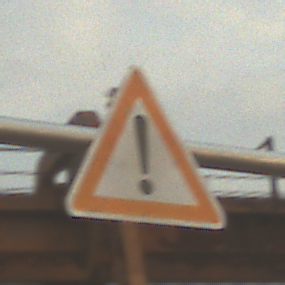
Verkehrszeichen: Gefahrenstelle
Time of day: SunriseSunset
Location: Outdoor (Suburban)
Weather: PartlyCloudy
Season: NotSpecified
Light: Natural
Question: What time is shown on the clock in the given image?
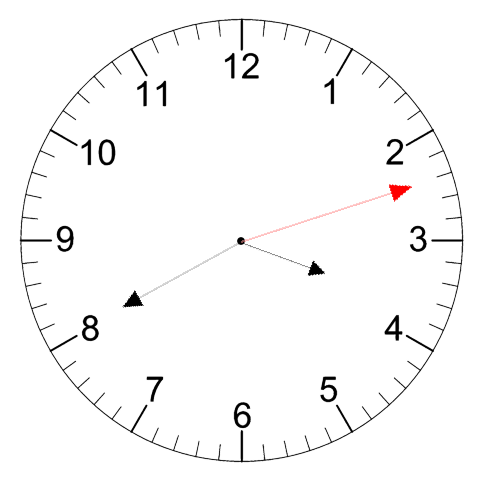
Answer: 03:40:12
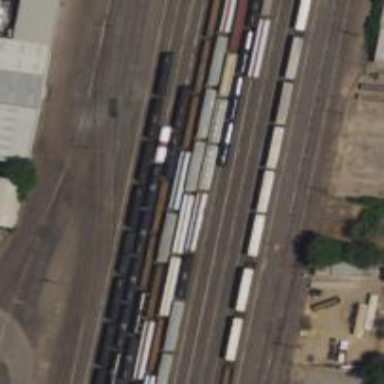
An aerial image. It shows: Railway yard in service.
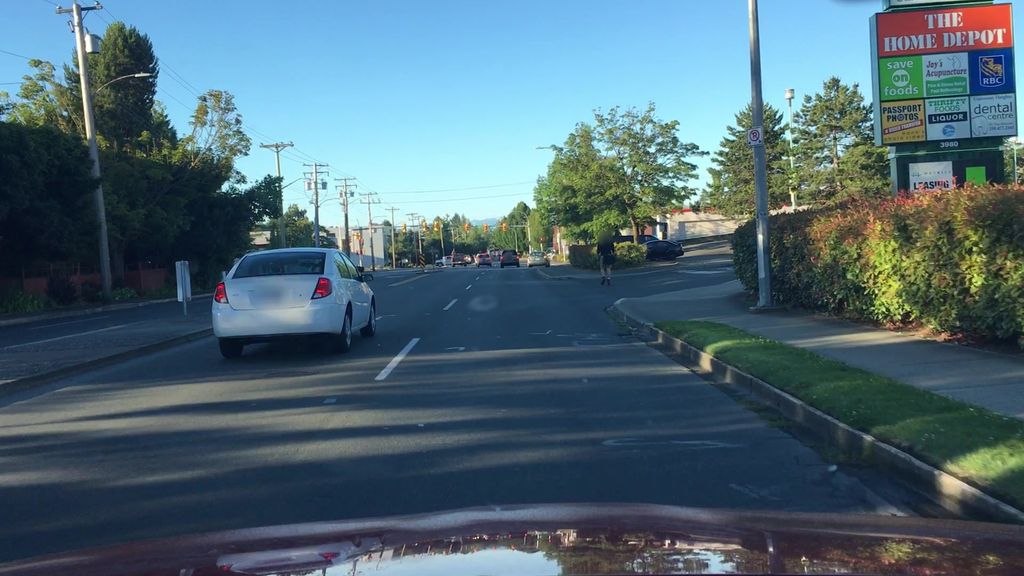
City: victoria
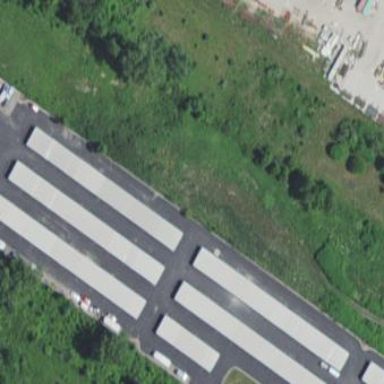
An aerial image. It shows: Group of garages.
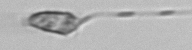
Label: Chaetoceros_throndsenii
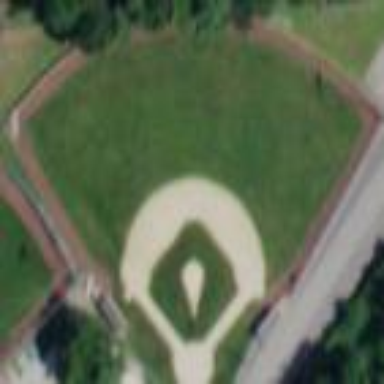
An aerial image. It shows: Baseball pitch for leisure land.
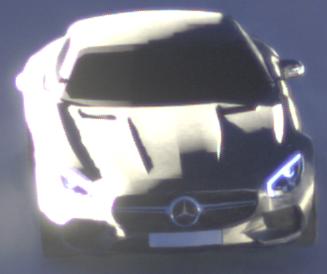
Make: Mercedes-Benz
Model: AMG GT Coupé
Detailed model: AMG GT (190) Coupé
Model produced from: 2014/10
Model produced until: 2017/01
Doors: 2
Color: gray
Road condition: dry road
Daytime: sunrise or sunset
Contrast: low contrast
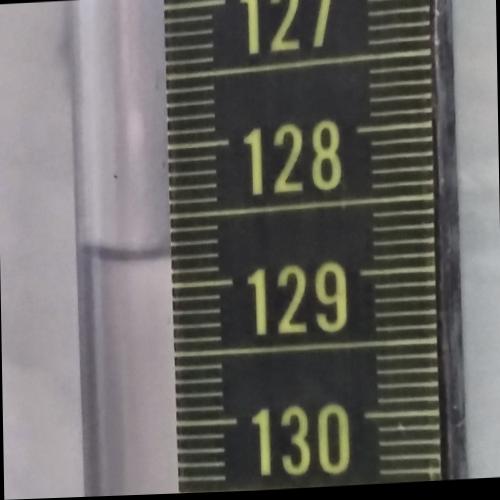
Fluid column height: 128.8 cm
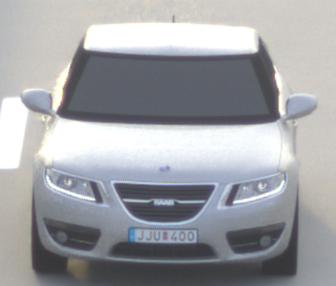
Make: Saab
Model: 5-Sep
Detailed model: 9-5 1.6T
Model produced from: 2010/06
Model produced until: 2011/12
Doors: 4
Color: white
Road condition: dry road
Daytime: sunrise or sunset
Contrast: low contrast
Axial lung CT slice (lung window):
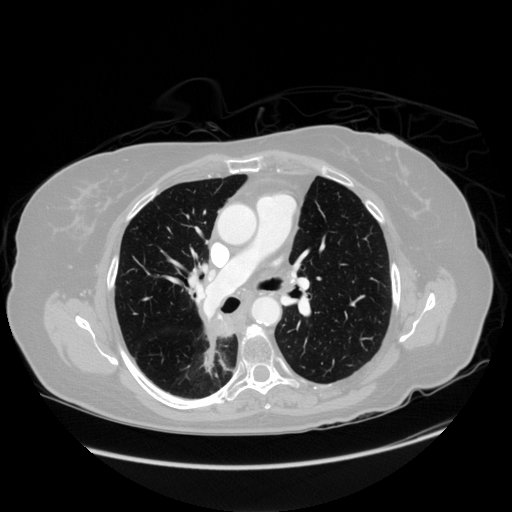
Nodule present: no
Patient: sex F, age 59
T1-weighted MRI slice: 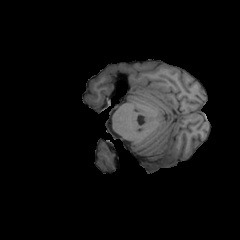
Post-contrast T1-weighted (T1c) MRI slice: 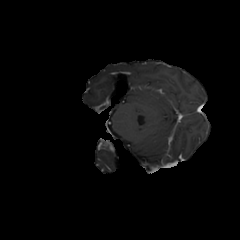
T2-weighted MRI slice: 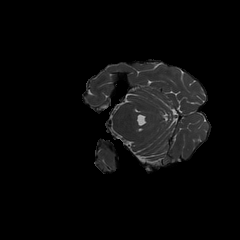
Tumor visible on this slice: no
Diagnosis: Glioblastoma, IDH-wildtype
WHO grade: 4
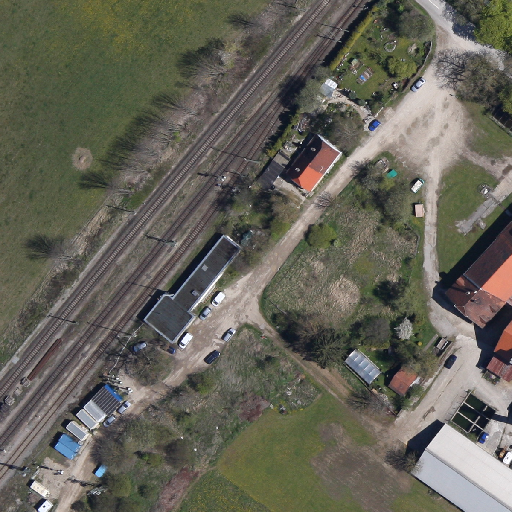
Referring expression: car in the parking area
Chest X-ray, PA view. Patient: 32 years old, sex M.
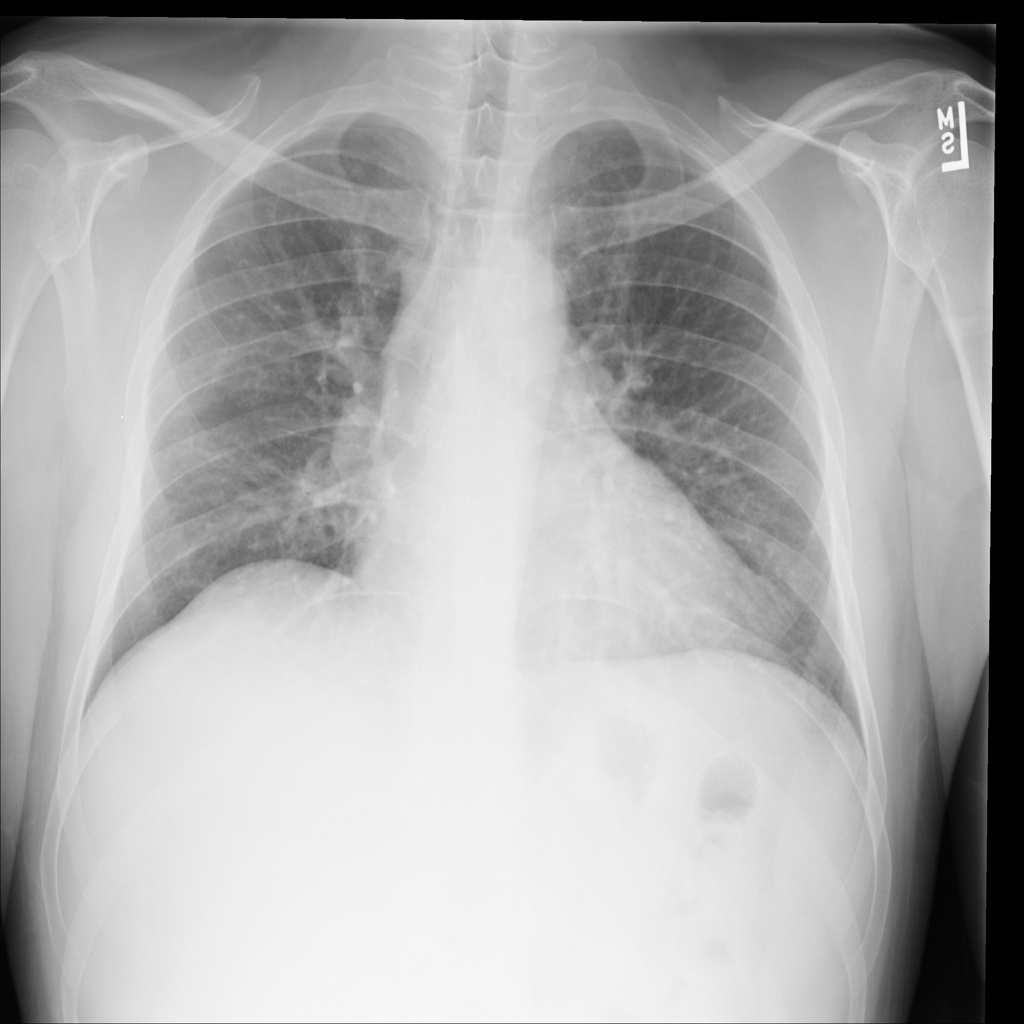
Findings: No Finding
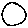
Label: circle

▶ YOUR TASK
Leaving the pictures out, print every line of the listing exactly.

▶ WORKED SOLUTION
Verkehrszeichen: Gefahrenstelle
Time of day: SunriseSunset
Location: Outdoor (Suburban)
Weather: PartlyCloudy
Season: NotSpecified
Light: Natural
Question: What time is shown on the clock in the given image?
Answer: 03:40:12
An aerial image. It shows: Railway yard in service.
City: victoria
An aerial image. It shows: Group of garages.
Label: Chaetoceros_throndsenii
An aerial image. It shows: Baseball pitch for leisure land.
Make: Mercedes-Benz
Model: AMG GT Coupé
Detailed model: AMG GT (190) Coupé
Model produced from: 2014/10
Model produced until: 2017/01
Doors: 2
Color: gray
Road condition: dry road
Daytime: sunrise or sunset
Contrast: low contrast
Fluid column height: 128.8 cm
Make: Saab
Model: 5-Sep
Detailed model: 9-5 1.6T
Model produced from: 2010/06
Model produced until: 2011/12
Doors: 4
Color: white
Road condition: dry road
Daytime: sunrise or sunset
Contrast: low contrast
Axial lung CT slice (lung window):
Nodule present: no
Patient: sex F, age 59
T1-weighted MRI slice: 
Post-contrast T1-weighted (T1c) MRI slice: 
T2-weighted MRI slice: 
Tumor visible on this slice: no
Diagnosis: Glioblastoma, IDH-wildtype
WHO grade: 4
Referring expression: car in the parking area
Chest X-ray, PA view. Patient: 32 years old, sex M.
Findings: No Finding
Label: circle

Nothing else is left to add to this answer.